Background New Zealand became a member of the Asia Pacific Lupus Collaboration (APLC) group in 2018. The APLC treat-to-target (T2T) LLDAS study is an ongoing, prospective longitudinal study (n = 4,106).

The aim of this study was to: (1) assess SLE epidemiology from the Auckland cohort of APLC T2T LLDAS study, and (2) examine if there are ethnic differences in association with the ability to achieve LLDAS, with emphasis on lupus nephritis.

Methods All patients fulfilled either the ACR or SLICC lupus criteria. At each study visit (3 to 6 monthly), patients are assessed for flares using SLEDAI-2K. Information on medication and laboratory data are collected. Patients are assessed annually for SLE damage.
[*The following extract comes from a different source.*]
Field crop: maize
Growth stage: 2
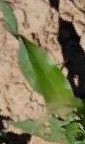
Species: maize

Results 144 patients from 3 Auckland hospitals were recruited during 2018–2020. The ethnic breakdown was Asian 42%, European 33%, Pacific Island (PI) 19% and Maori 4.9%. Arthritis (n=115, 80%), was the most common clinical feature. 41 patients (28%) had renal disease.

The incidence of SLE in Auckland is 6.32 per 100,000. Asian (n=23/60, 38%) and PI patients (n=9/28, 32%) had more renal disease (p=0.03). PI patients had proportionally more proliferative (Class III/IV) lupus nephritis that can potentially lead to long term renal damage compared to the other ethnic groups (n=8/9, 89%; p =0.046). 76% (n=109) of patients achieved LLDAS on at least one occasion. 90% (n= 129) of patients were on hydroxychloroquine. The mean SDI damage score is 0.4.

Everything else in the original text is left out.